In this case, however, Plaintiff, a pro se litigant at this point, alleged a past attorney/client relationship and claimed that because of his past representation of the School Board for twenty-four (24) years as its attorney before he became a judge, the trial judge had a “conflict of interest.” We note that from public records, Judge Caswell has been on the district court bench since 2014, and the incidents in question occurred in 2016.
The trial judge signed an Order denying the pro se motion to recuse without referring the motion to another judge for hearing pursuant to La.Code Civ.P. art. 154, et seq., stating in written reasons:
Before the court is a Motion and Order to recuse Judge A. Gerard Caswell from the above captioned matter.

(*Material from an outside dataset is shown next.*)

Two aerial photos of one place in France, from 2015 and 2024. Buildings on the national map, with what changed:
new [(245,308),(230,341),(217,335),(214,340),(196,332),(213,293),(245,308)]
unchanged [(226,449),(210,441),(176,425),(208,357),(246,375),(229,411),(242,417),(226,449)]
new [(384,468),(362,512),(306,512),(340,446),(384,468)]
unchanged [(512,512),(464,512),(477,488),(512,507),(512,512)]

The Petitioner states that Judge Caswell should be recused because he and the St. Landry Parish School Board “have previous association as client/employer for 24 years.” However, Judge Caswell was not previously employed by the St. Landry Parish School Board.

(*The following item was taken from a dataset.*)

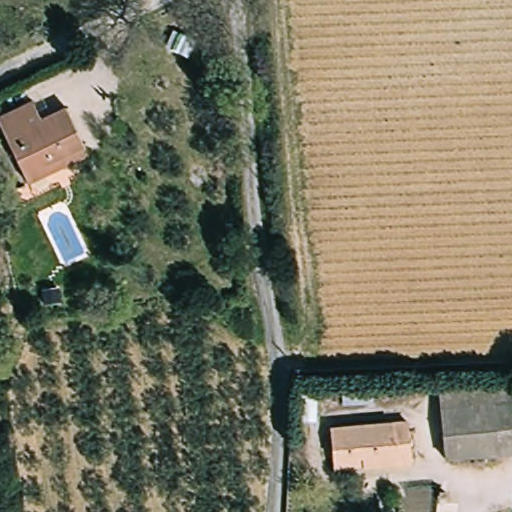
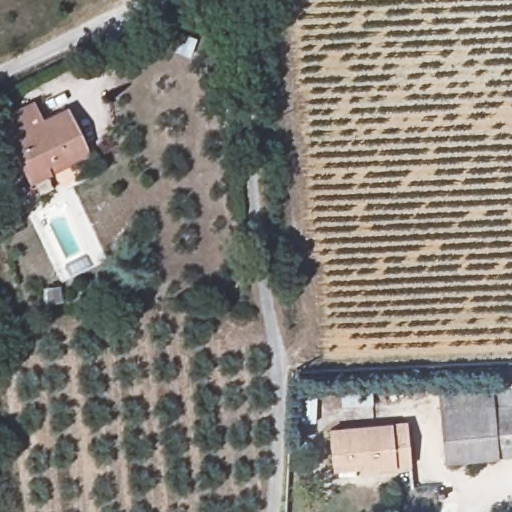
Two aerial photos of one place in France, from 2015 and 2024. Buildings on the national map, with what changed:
unchanged [(54,167),(28,179),(0,123),(0,115),(32,98),(41,116),(70,102),(89,142),(93,149),(54,167)]
unchanged [(445,441),(444,390),(496,388),(496,440),(445,441)]
unchanged [(512,388),(512,439),(496,440),(496,388),(512,388)]
unchanged [(330,425),(408,422),(409,462),(331,464),(330,425)]

Moreover, the Petitioner's motion fails to meet the requirements of Louisiana Code of Civil Procedure Article 151. The Petitioner has failed to state grounds for the recusal of Judge Caswell and has not provided proof of same. Therefore, no hearing is required on the Petitioner's motion.

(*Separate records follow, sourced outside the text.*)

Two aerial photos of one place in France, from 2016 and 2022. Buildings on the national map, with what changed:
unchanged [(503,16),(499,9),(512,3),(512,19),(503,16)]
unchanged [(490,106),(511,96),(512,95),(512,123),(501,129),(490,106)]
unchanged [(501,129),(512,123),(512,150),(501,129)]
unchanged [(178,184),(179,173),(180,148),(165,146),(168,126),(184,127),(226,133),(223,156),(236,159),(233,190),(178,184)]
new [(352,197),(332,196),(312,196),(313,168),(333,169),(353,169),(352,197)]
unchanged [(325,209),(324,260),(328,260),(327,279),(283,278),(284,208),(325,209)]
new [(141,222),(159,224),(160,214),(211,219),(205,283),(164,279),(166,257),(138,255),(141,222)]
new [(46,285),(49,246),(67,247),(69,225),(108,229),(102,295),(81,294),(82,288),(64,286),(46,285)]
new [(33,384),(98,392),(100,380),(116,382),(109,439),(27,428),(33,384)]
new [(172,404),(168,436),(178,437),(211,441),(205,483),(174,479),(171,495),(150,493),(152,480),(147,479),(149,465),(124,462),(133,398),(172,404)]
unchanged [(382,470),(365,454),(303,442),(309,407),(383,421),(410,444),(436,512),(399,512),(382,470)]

We conclude that the trial court's failure to refer the motion to recuse to another judge in accordance with La.Code Civ.P. art. 154 constituted legal error. We therefore review this matter de novo.
Although styled as one of “conflict of interest” in her pro se motion, Plaintiff sufficiently alleged the ground of bias under La.Code Civ.P. art. 151(A)(4) due to the specific factual allegation that the trial judge had previously represented the School Board for twenty-four (24) years. The trial judge, however, failed to directly address the issue of his long-standing legal representation of the School Board, stating only that “Judge Caldwell was not previously employed by the St. Landry Parish School Board.” (Emphasis added.)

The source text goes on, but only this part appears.